In our previous work, we presented a method for recognizing faces via the same fusion features mentioned in this paper based on principal component analysis (PCA). To show the advantages of the method proposed in this paper, we compared the results here. In the first stage, the method proposed in this paper was yielding 100% recognition accuracy against frontal illumination and the result based on PCA was 97%. Table 1 shows the recognition rate of the second stage. In the table, “front” means frontal illumination, “left” means left side light, “right” means right side light, and “sunglass” means wearing sunglasses. The first row in Table 1 is the results based on PCA; the second row is the results based on the method proposed in this paper which were output by a deep belief network (DBN).

Since our method cannot work on the popular published face database, thus, we did not compare our method with other approaches. However, the rate of our method’s recognition accuracy was a little better than our previous work and some popular methods, such as the reported recognition rate in [2931].

Table 2 shows the recognition rate of the third stage. The first row in Table 2 is the results based on PCA features, the third row is the results based on DCT features, and the second row and the fourth row are the results based on the fusion features.

Table 3 shows the recognition rate of the fourth stage.
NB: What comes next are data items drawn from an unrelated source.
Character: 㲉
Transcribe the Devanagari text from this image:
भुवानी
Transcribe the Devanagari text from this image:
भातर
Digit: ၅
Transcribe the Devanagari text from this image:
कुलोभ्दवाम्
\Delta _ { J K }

The first row in Table 3 is the results based on the method proposed in [8]; the second row is the results based on our method.

4.3. Discussion

Experimental results show that the fusion features proposed in this paper are superior to single features. The MHIs we used to fuse features contain abundant expression characteristics. So there is more information in the fusion features which can be used to identify subjects. In particular, our method has superior performance in the sunglasses tests. The fusion features contain plentiful behavioral characteristics issued by the lower half of human face.

5. Conclusion

In this paper we proposed a novel method for recognizing human faces with facial expression. In order to improve the recognition accuracy rate, we use a kind of fusion features. Normally, the popular methods recognize human face via the image of faces, which can be seen as a kind of physiological characteristic. Facial expressions are the movements of human facial muscles, which also can be used to identify humans faces. It is a kind of behavioral characteristics. Hence, the fusion features contain more information than human face images that can be used for identification and increase the recognition rate especially on illumination variant faces or wearing sunglasses faces.
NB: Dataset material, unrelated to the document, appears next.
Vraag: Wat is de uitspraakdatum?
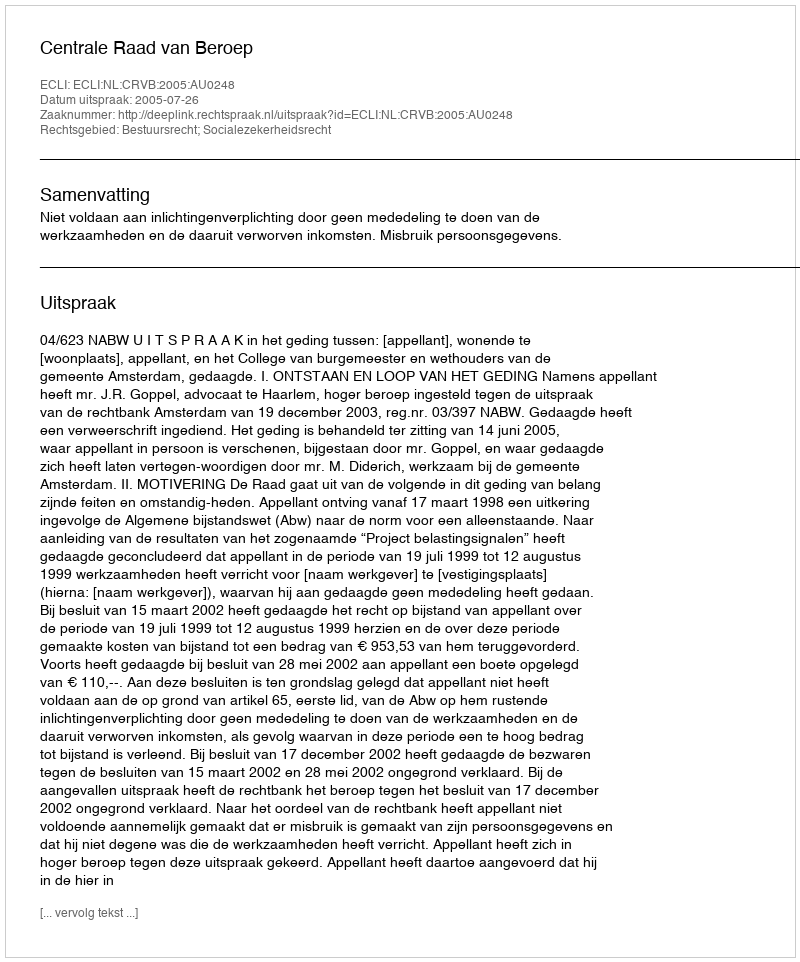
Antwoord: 2005-07-26

The approach and experiments presented in this paper are only the preliminary work of our research. In future work we will continuously investigate to try to research the proposed method into two issues. Firstly, we will not only analyze the expression “surprise” emotion in this paper, but also focus on extending our method to all sorts of expression emotions. Actually, we also tested our method with the expression “laugh” in our laboratory. We got a similar recognition accuracy rate which was presented in the paper. But in the condition of wearing scarves, our method did not get a satisfactory result. The reason is that the bottom half of human face contains more expression information than the top half. Secondly, we will study how to combine the popular algorithms into our approach to improve the recognition accuracy rate.

Competing Interests

The authors declare that they have no competing interests.

Acknowledgments

This work was supported by the National Natural Science Foundation of China under Grant no. 61502338, the 2015 key projects of Tianjin Science and Technology Support Program no. 15ZCZDGX00200, and the Open Fund of Guangdong Provincial Key Laboratory of Petrochemical Equipment Fault Diagnosis no. GDUPTKLAB201334.